Upregulation of vascular calcium channels in neonatal piglets with hypoxia-induced pulmonary hypertension

Abstract

Inhibition of voltage-gated, L-type Ca2+ (CaL) channels by clinical calcium channel blockers provides symptomatic improvement to some pediatric patients with pulmonary arterial hypertension (PAH). The present study investigated whether abnormalities of vascular CaL channels contribute to the pathogenesis of neonatal PAH using a newborn piglet model of hypoxia-induced PAH. Neonatal piglets exposed to chronic hypoxia (CH) developed PAH by 21 days, which was evident as a 2.1-fold increase in pulmonary vascular resistance in vivo compared with piglets raised in normoxia (N). Transpulmonary pressures (ΔPtp) in the corresponding isolated perfused lungs were 20.5 ± 2.1 mmHg (CH) and 11.6 ± 0.8 mmHg (N).
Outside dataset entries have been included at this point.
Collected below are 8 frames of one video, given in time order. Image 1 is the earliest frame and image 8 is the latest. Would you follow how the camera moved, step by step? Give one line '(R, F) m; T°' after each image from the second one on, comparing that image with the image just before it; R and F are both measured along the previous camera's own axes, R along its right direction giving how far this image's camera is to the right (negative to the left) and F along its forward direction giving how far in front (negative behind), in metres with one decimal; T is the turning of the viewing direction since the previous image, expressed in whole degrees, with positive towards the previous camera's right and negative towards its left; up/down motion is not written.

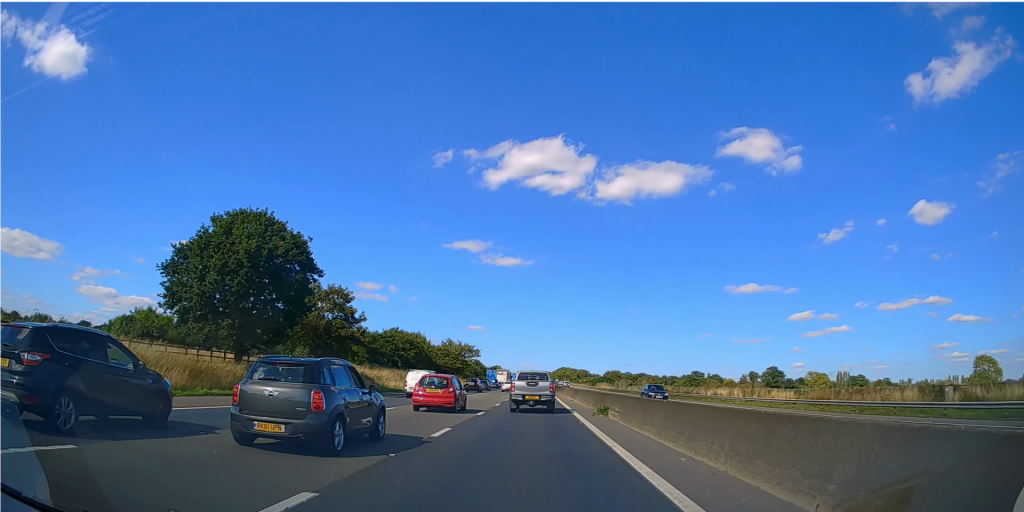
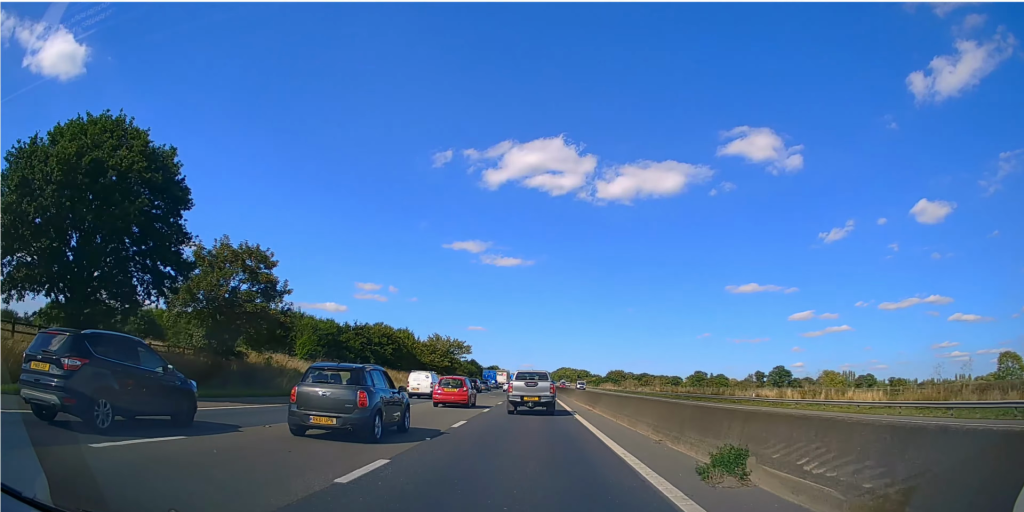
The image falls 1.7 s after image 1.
(+0.1, +16.4) m; 0°
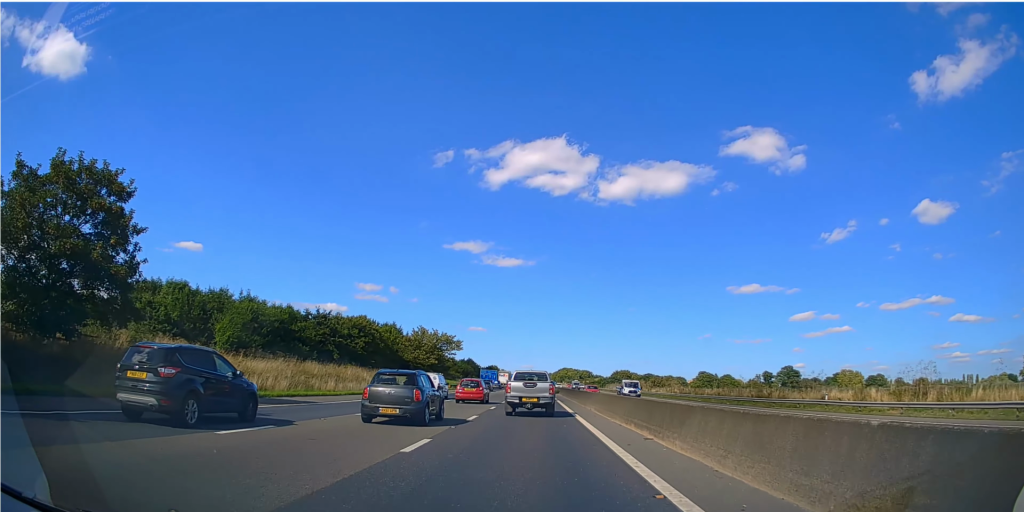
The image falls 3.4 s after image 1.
(0.0, +16.1) m; 0°
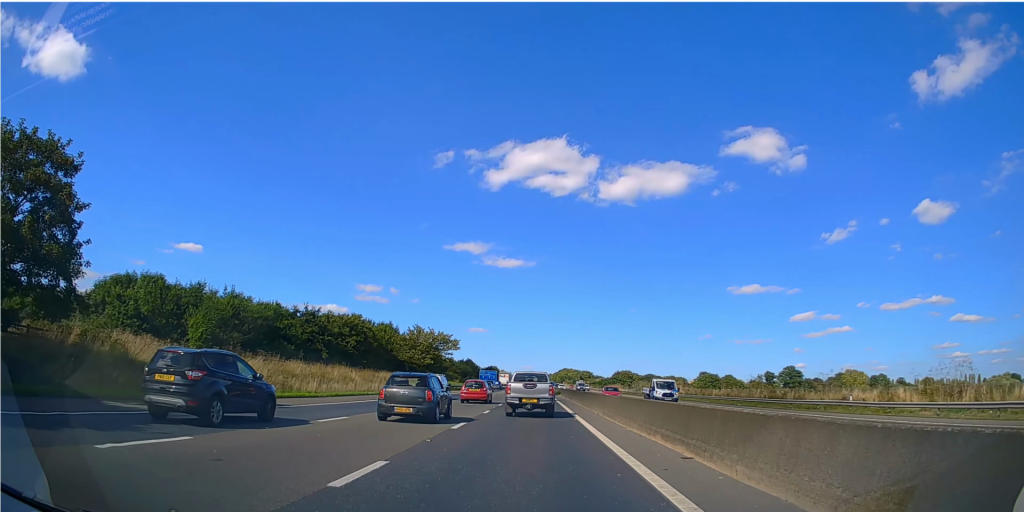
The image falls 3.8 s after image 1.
(0.0, +3.5) m; 0°
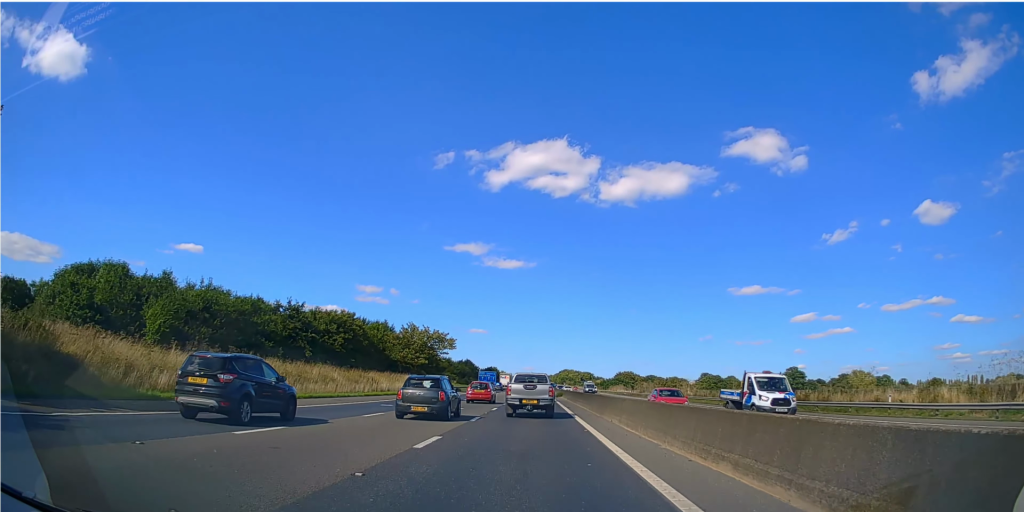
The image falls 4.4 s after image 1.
(0.0, +5.0) m; 0°
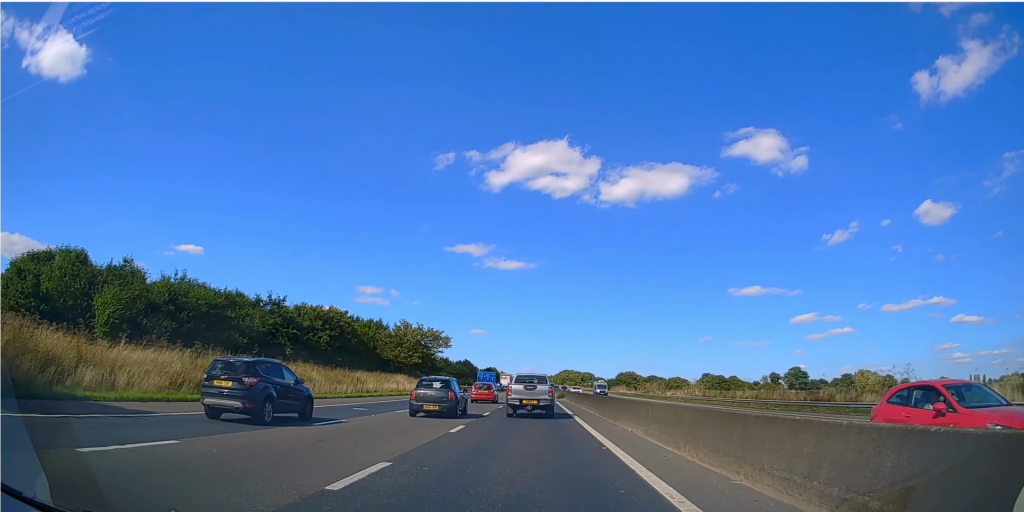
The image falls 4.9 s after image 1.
(0.0, +4.6) m; 0°
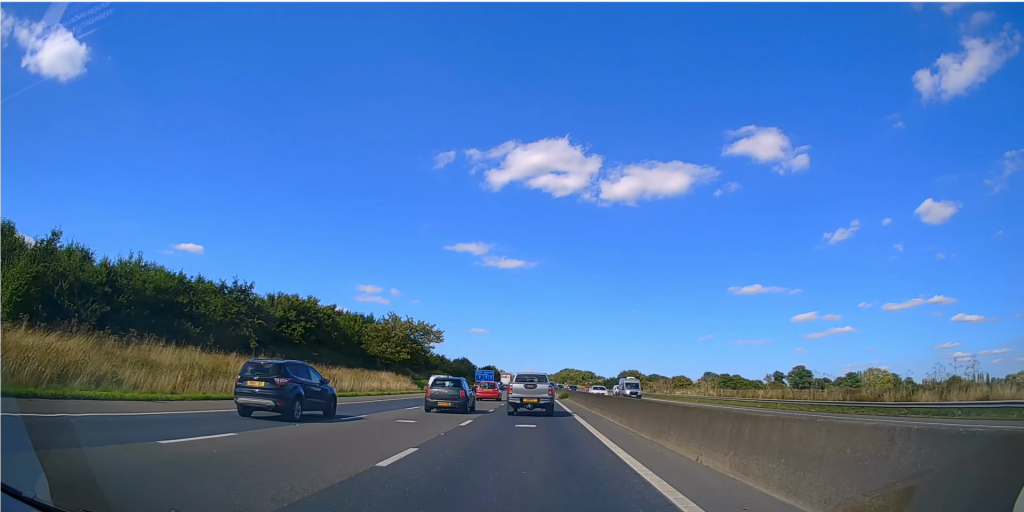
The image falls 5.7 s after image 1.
(0.0, +6.9) m; 0°
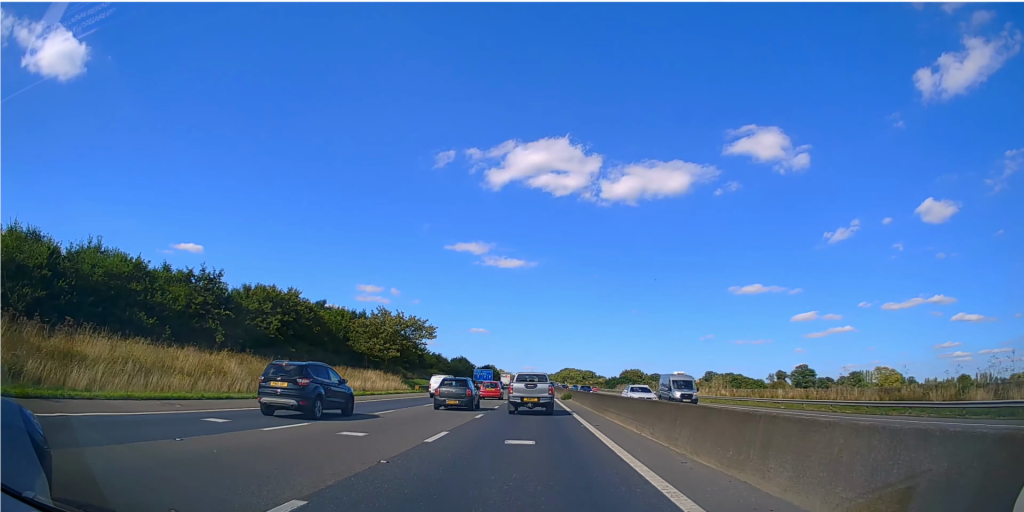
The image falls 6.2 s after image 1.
(0.0, +5.3) m; 0°

Nifedipine reduced the elevated ΔPtp in isolated lungs of CH piglets by 6.4 ± 1.3 mmHg but only reduced ΔPtp in lungs of N piglets by 1.9 ± 0.2 mmHg. Small pulmonary arteries from CH piglets also demonstrated accentuated Ca2+-dependent contraction, and Ca2+ channel current was 3.94-fold higher in the resident vascular muscle cells. Finally, although the level of mRNA encoding the pore-forming α1C-subunit of the CaL channel was similar between small pulmonary arteries from N and CH piglets, a profound and persistent upregulation of the vascular α1C protein was detected by 10 days in CH piglets at a time when pulmonary vascular resistance was only mildly elevated. Thus chronic hypoxia in the neonate is associated with the anomalous upregulation of CaL channels in small pulmonary arteries in vivo and the resulting abnormal Ca2+-dependent resistance may contribute to the pathogenesis of PAH.